Nas democracias, a mudança só parece tornar-se urgente quando uma crise existencial bate à porta. Mas ao final destes quatro anos, não serão os autocratas que determinarão o nosso destino. Será aquilo que fizermos com o tempo que nos foi dado – e como o comunicarmos.

A batalha não está perdida. Está em suspenso. Há naquilo que não compreendemos, que não somos capazes de decifrar, algo que nos insta a resistir. Mas talvez devêssemos começar por reconhecer que a ciência política e o jornalismo são incapazes de explicar porque Trump venceu, Kamala perdeu e prever o que acontecerá na Europa, pelo menos logo na semana a seguir às eleições.
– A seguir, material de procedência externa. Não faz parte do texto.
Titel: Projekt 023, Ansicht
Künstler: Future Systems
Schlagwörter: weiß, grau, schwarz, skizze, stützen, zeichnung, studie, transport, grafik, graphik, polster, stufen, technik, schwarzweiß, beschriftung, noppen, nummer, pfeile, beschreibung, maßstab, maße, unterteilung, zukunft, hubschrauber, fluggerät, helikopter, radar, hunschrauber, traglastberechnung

É fascinante o número de publicações que atribuem (definitivamente) a responsabilidade da derrota ao wokismo dos Democratas e ao “fracasso global e irremediável” dos progressistas. Tal como é fascinante o espalhafato daqueles que apontam o dedo a Biden por se ter esquecido dos trabalhadores, quando estamos a falar provavelmente do Presidente mais à esquerda, em termos económicos, que a Casa Branca já hospedou.

Precisamos de “perguntadores”. Que saibam colocar as questões, em vez de oferecer respostas imediatas. Capacitados para promover o pensamento crítico, fomentar o debate construtivo e considerar múltiplas perspetivas antes de ditar sentença. Não precisamos de artigos que repitam hoje unicamente o que fizemos mal ontem, mas também o que devemos fazer bem amanhã. Não precisamos de transmissores do óbvio, do previamente calculado. Se somos incapazes de perceber satisfatoriamente o que motiva um votante em Portugal, um votante na Alemanha ou na França, como podemos, quase instantaneamente, ser capazes de discernir o que motiva um votante, distante, no Midwest americano?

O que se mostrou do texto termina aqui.